A genetic toolkit for stable episomal transgenesis in the anaerobic gut parasite Blastocystis ST7-B

Blastocystis is among the most prevalent microbial eukaryote in the human gut, yet it has remained largely inaccessible to functional genetics. Here, we report a combinatorial toolkit for Blastocystis ST7-B that enables stable episomal transgene maintenance under antibiotic selection and recovery of colony-derived transgenic lines. Guided by a proteomics-informed candidate screen, we identified endogenous promoter–terminator pairs and benchmark their activity using NanoLuc luciferase (Nluc), defining near-background, weak, intermediate, and robust expression tiers.
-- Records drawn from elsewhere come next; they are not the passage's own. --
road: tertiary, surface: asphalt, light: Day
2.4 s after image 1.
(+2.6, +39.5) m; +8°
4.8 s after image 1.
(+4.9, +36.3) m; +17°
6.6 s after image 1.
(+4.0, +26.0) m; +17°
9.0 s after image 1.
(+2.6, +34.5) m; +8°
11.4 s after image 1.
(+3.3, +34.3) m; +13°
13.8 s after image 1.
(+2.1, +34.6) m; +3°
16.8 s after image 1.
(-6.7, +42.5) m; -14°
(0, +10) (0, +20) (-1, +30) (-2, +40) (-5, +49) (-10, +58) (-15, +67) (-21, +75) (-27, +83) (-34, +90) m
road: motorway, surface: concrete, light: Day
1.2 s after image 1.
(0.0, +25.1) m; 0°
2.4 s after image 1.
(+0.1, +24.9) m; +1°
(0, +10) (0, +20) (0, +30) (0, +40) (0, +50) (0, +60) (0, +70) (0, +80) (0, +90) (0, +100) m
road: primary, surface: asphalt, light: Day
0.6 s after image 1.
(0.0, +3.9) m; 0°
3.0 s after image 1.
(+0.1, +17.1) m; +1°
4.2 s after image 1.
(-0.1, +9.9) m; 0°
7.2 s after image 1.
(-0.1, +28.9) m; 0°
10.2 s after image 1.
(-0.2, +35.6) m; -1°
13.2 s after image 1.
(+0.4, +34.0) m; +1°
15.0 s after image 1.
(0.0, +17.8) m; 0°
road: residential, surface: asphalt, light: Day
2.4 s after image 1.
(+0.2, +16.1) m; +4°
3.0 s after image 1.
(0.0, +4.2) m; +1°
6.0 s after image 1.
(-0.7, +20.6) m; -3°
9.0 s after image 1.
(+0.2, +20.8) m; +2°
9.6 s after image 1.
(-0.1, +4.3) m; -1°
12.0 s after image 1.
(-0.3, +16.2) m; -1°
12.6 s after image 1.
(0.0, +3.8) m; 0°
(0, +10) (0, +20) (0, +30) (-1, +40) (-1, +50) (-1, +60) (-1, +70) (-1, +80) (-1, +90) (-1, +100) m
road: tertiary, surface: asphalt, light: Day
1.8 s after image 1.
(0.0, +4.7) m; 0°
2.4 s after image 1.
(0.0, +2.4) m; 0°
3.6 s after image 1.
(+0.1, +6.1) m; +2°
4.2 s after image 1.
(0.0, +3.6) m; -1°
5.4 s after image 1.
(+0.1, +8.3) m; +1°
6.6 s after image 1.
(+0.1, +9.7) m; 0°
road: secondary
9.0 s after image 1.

We optimise square-wave electroporation and establish conditions that balance DNA delivery with culture viability, providing a practical operating regime for routine transfection. Using resazurin-based viability assays alongside culture outgrowth validation, we identified puromycin and trimethoprim as the most reliable selectable systems. A three-stage workflow combining liquid enrichment, solid-phase selection, and liquid culture expansion supports recovery of colony-derived transgenic lines that can be cryopreserved and revived with retained growth, antibiotic resistance, and reporter expression. Finally, bicistronic constructs incorporating a codon-optimised P2A peptide supported selection-linked expression of anaerobic-compatible reporters (UnaG, smURFP, and SNAP-tag). Results showed reporter-dependent performance consistent with constraints such as chromophore availability and substrate permeability. Together, these make Blastocystis ST7-B markedly more amenable to genetic engineering.